DATA SHOWN –
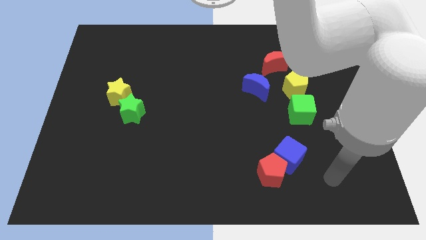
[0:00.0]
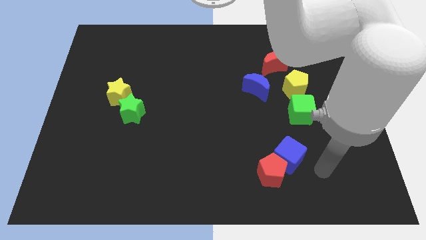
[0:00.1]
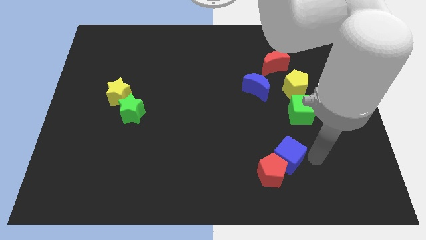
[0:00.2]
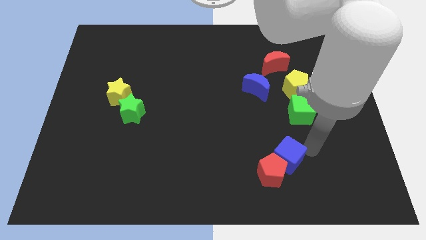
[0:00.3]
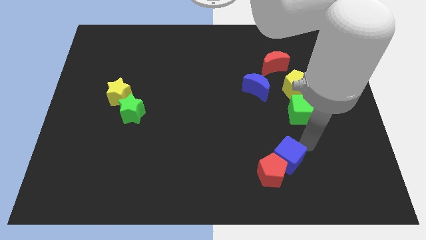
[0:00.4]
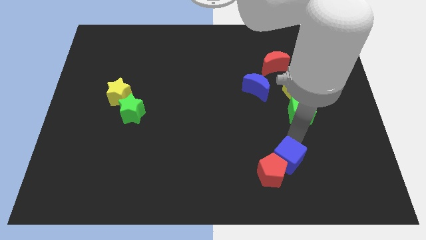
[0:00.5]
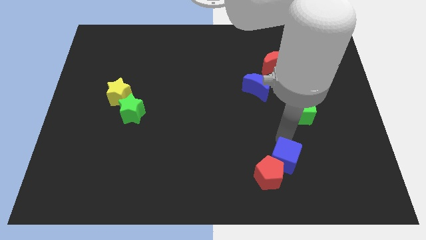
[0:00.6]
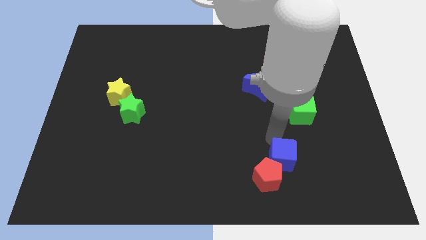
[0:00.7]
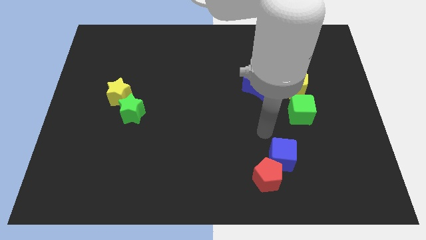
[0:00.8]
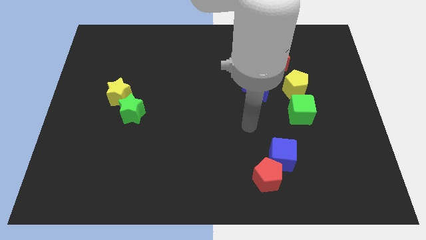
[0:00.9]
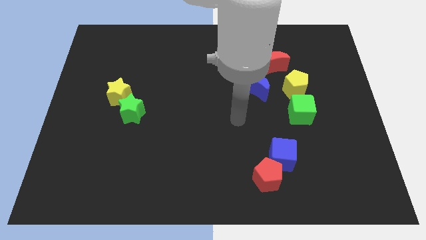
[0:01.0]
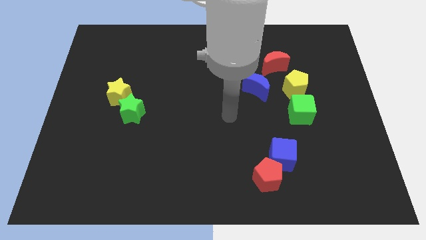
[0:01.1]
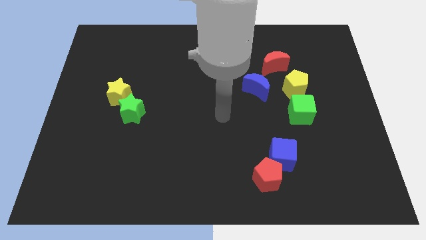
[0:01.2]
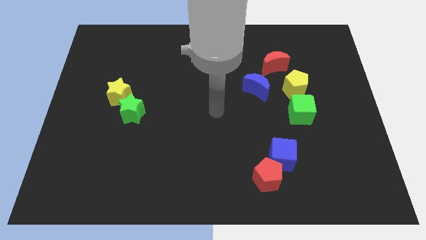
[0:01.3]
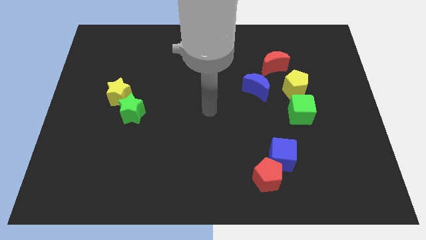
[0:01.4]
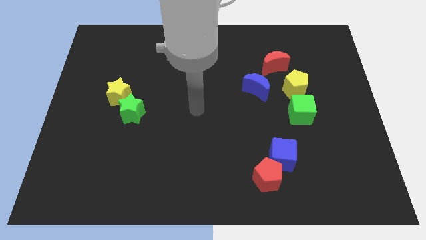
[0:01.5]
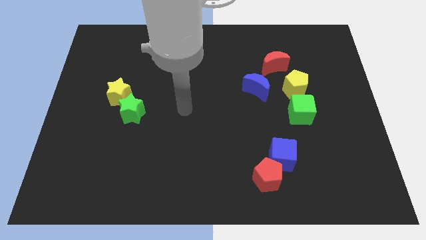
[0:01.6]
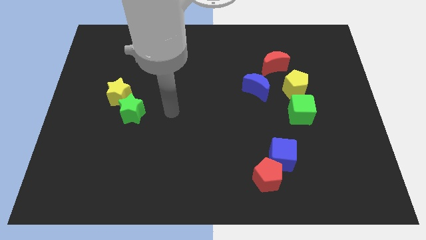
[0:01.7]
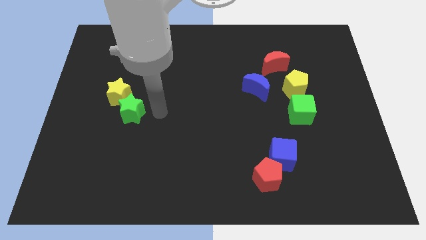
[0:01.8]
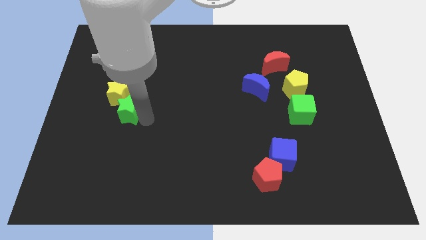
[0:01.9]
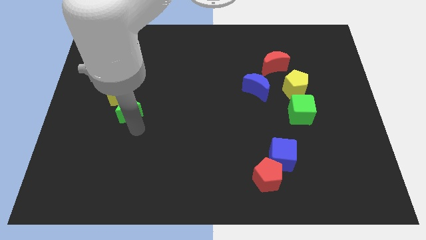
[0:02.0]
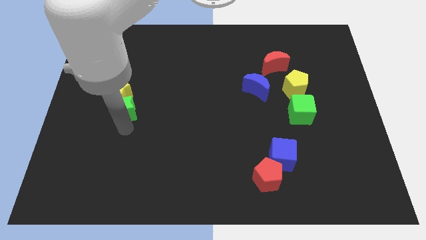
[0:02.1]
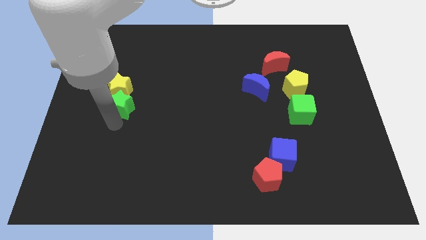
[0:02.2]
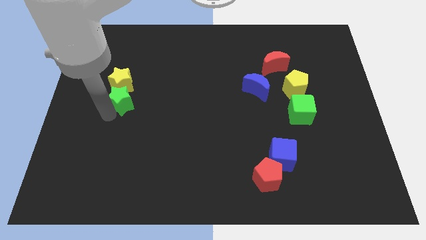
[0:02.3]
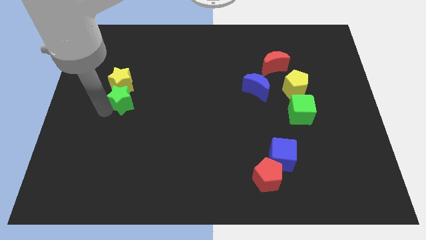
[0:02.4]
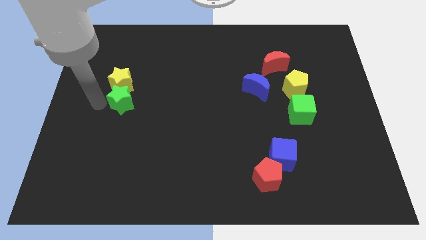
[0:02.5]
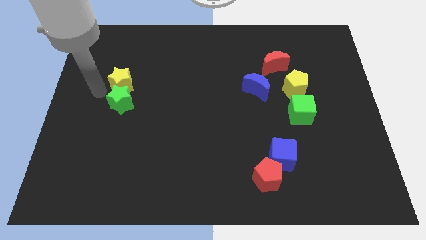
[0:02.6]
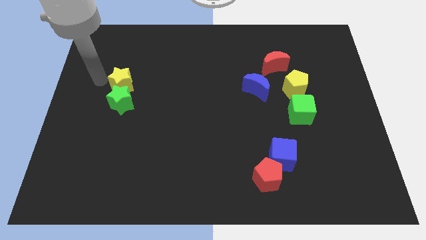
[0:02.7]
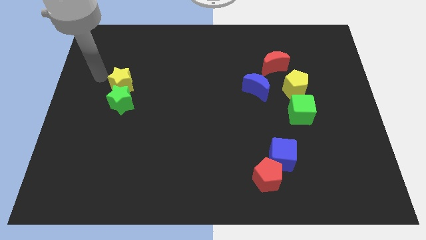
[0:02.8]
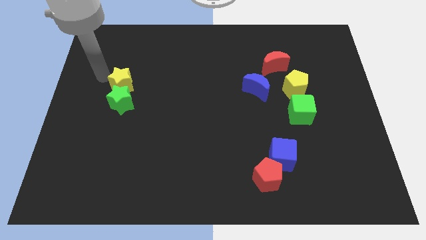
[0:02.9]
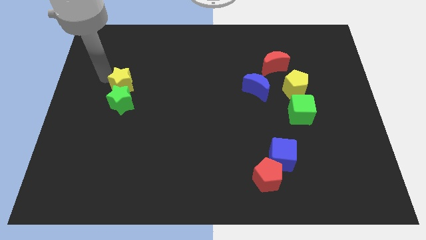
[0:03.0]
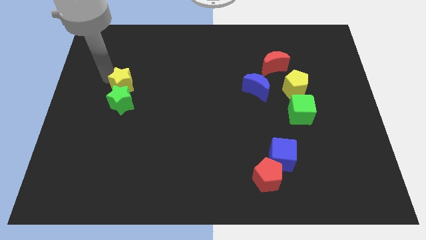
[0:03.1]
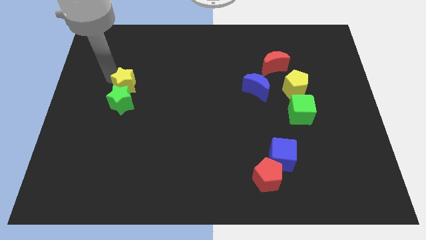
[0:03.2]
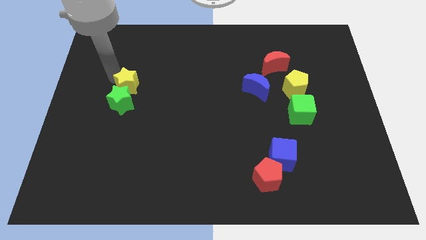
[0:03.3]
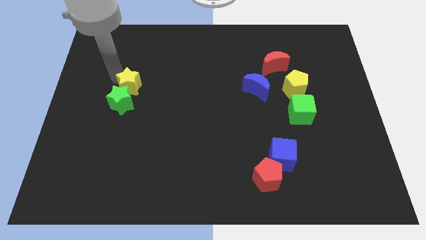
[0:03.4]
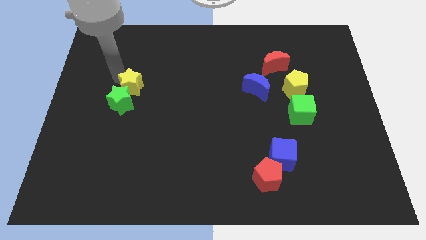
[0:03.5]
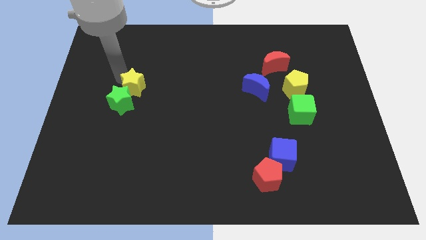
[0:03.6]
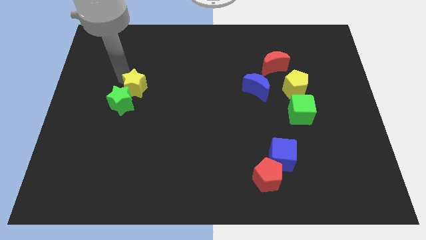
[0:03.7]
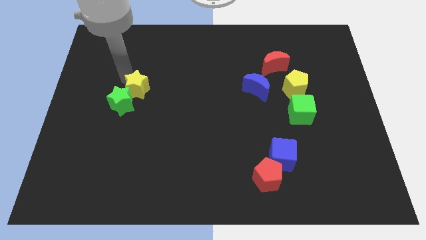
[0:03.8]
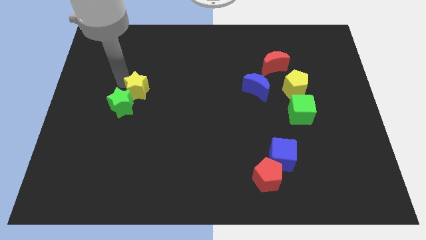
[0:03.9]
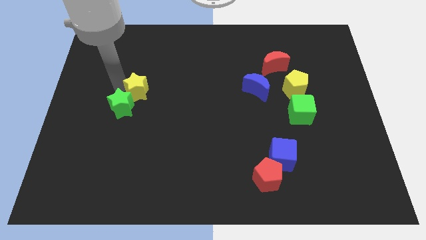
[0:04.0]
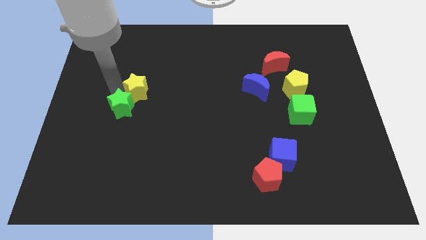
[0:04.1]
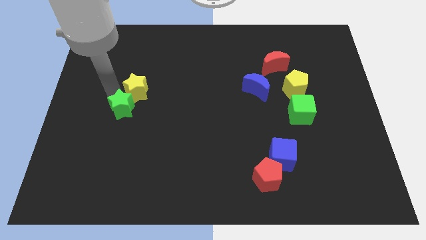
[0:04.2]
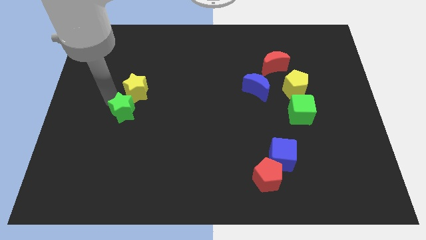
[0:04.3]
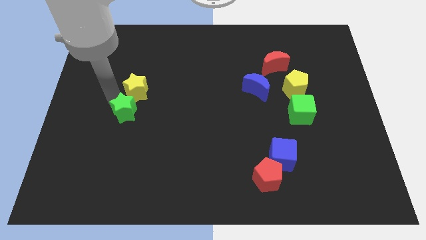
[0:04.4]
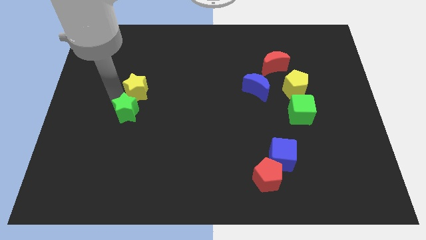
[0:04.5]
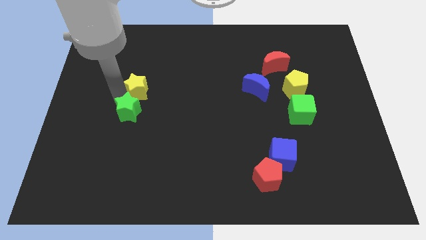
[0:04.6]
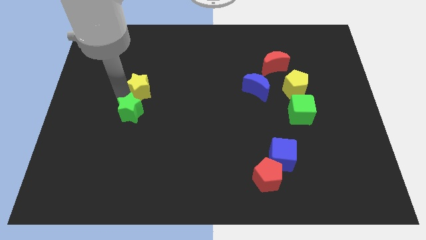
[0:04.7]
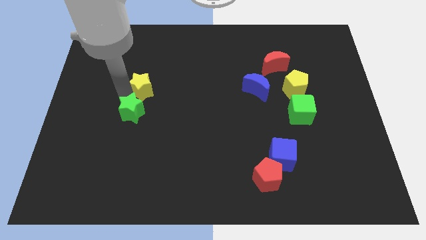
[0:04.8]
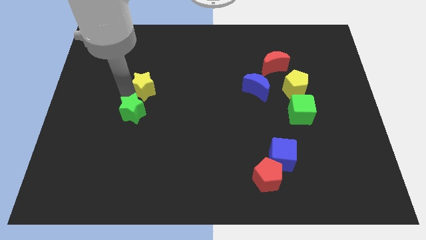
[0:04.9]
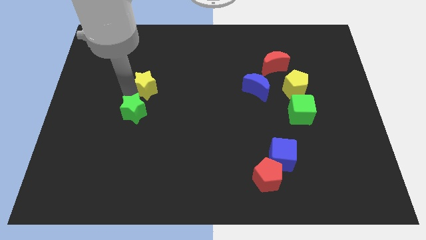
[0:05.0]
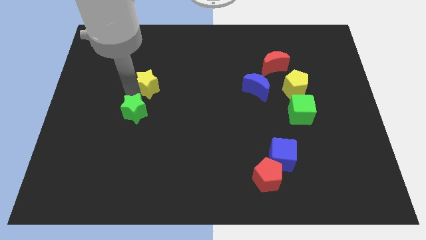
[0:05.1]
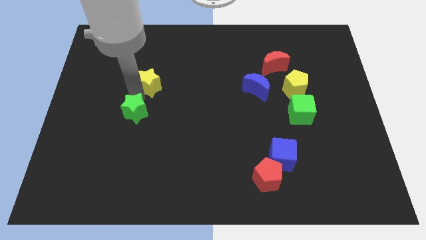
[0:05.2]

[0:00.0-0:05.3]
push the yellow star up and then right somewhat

PROBLEM DESCRIPTION –
When you write out the material again, keep every word exact and omit the pictures.

SOLUTION TO THIS EXERCISE –
[0:00.0]
[0:00.1]
[0:00.2]
[0:00.3]
[0:00.4]
[0:00.5]
[0:00.6]
[0:00.7]
[0:00.8]
[0:00.9]
[0:01.0]
[0:01.1]
[0:01.2]
[0:01.3]
[0:01.4]
[0:01.5]
[0:01.6]
[0:01.7]
[0:01.8]
[0:01.9]
[0:02.0]
[0:02.1]
[0:02.2]
[0:02.3]
[0:02.4]
[0:02.5]
[0:02.6]
[0:02.7]
[0:02.8]
[0:02.9]
[0:03.0]
[0:03.1]
[0:03.2]
[0:03.3]
[0:03.4]
[0:03.5]
[0:03.6]
[0:03.7]
[0:03.8]
[0:03.9]
[0:04.0]
[0:04.1]
[0:04.2]
[0:04.3]
[0:04.4]
[0:04.5]
[0:04.6]
[0:04.7]
[0:04.8]
[0:04.9]
[0:05.0]
[0:05.1]
[0:05.2]

[0:00.0-0:05.3]
push the yellow star up and then right somewhat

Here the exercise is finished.